**Source records:**

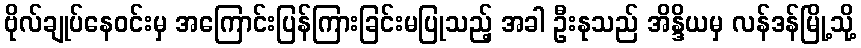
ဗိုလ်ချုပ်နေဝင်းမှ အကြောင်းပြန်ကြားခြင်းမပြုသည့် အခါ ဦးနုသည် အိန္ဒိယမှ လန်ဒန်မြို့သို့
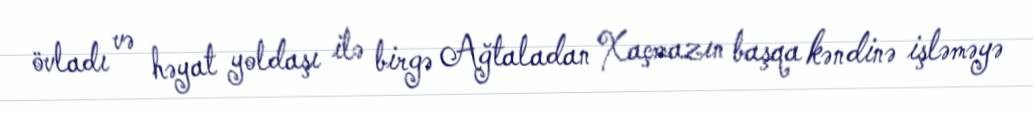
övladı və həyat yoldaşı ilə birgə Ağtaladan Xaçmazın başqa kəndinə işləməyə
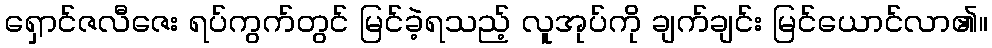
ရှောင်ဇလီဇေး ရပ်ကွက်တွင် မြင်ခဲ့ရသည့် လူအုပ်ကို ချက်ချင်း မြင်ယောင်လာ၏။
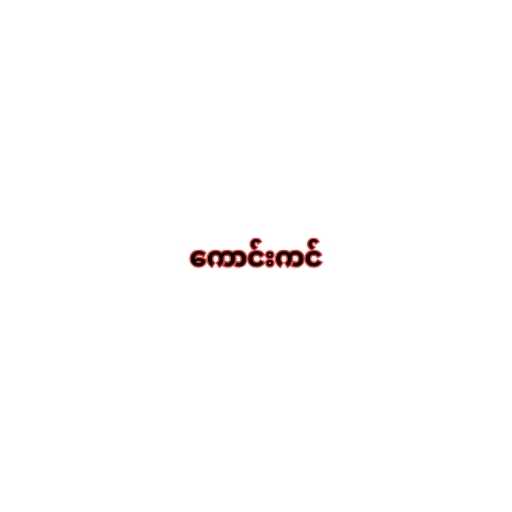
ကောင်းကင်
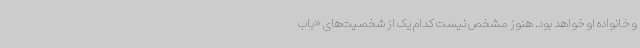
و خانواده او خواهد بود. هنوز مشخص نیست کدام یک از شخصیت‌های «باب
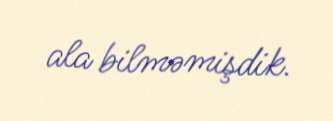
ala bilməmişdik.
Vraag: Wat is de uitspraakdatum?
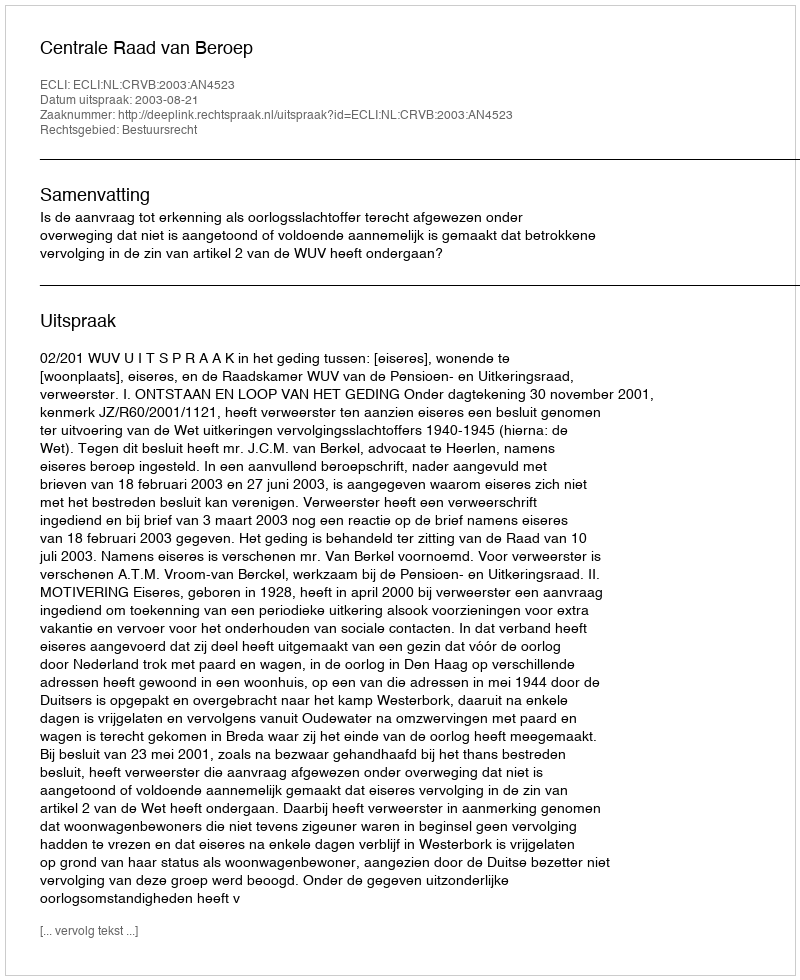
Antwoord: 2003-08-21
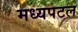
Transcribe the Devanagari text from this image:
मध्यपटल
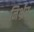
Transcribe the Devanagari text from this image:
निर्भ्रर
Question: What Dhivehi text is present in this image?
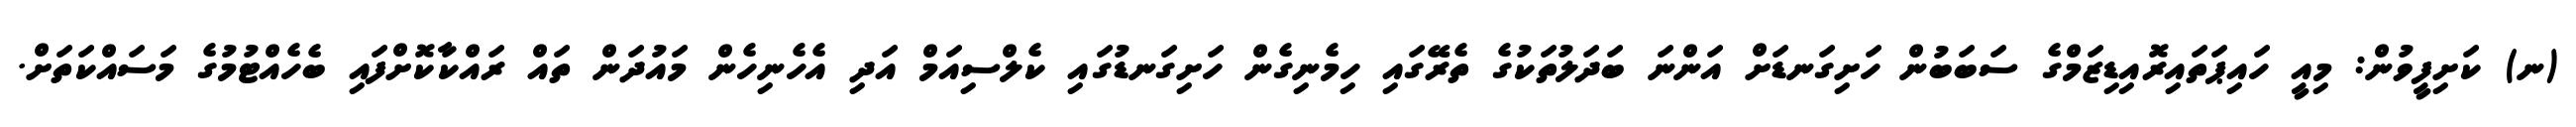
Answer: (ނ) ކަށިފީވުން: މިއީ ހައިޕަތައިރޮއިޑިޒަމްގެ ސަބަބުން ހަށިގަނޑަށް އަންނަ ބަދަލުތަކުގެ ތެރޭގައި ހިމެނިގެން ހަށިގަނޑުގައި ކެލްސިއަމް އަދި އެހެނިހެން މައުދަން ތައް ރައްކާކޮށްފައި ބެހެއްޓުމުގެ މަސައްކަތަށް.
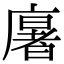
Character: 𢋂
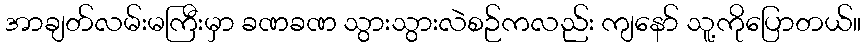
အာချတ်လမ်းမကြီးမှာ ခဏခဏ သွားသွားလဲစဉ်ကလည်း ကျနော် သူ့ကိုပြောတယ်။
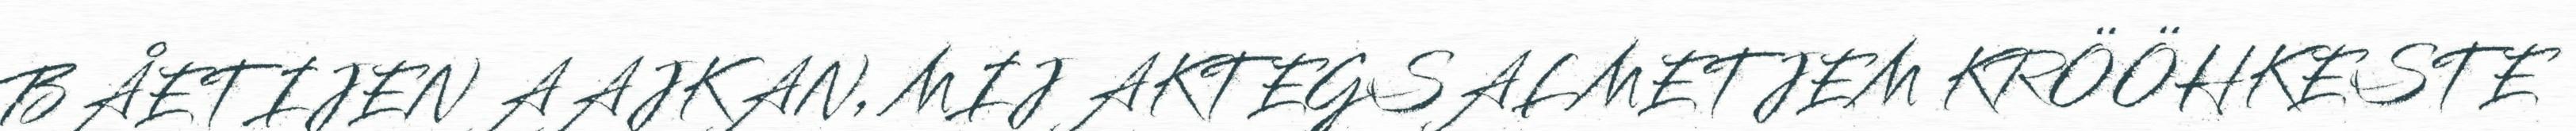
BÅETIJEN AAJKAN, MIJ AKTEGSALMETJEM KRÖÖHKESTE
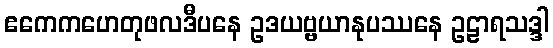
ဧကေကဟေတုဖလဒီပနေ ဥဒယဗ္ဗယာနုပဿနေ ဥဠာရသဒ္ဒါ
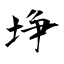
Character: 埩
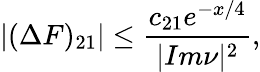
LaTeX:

**Task prompt:**
Everything from the line holding "Vraag: Wat is de uitspraakdatum?" through the last line of the listing should be written out exactly, except for the pictures.

**Response:**
Vraag: Wat is de uitspraakdatum?
Antwoord: 2003-08-21
Transcribe the Devanagari text from this image:
मध्यपटल
Transcribe the Devanagari text from this image:
निर्भ्रर
Question: What Dhivehi text is present in this image?
Answer: (ނ) ކަށިފީވުން: މިއީ ހައިޕަތައިރޮއިޑިޒަމްގެ ސަބަބުން ހަށިގަނޑަށް އަންނަ ބަދަލުތަކުގެ ތެރޭގައި ހިމެނިގެން ހަށިގަނޑުގައި ކެލްސިއަމް އަދި އެހެނިހެން މައުދަން ތައް ރައްކާކޮށްފައި ބެހެއްޓުމުގެ މަސައްކަތަށް.
Character: 𢋂
အာချတ်လမ်းမကြီးမှာ ခဏခဏ သွားသွားလဲစဉ်ကလည်း ကျနော် သူ့ကိုပြောတယ်။
BÅETIJEN AAJKAN, MIJ AKTEGSALMETJEM KRÖÖHKESTE
ဧကေကဟေတုဖလဒီပနေ ဥဒယဗ္ဗယာနုပဿနေ ဥဠာရသဒ္ဒါ
Character: 埩
LaTeX:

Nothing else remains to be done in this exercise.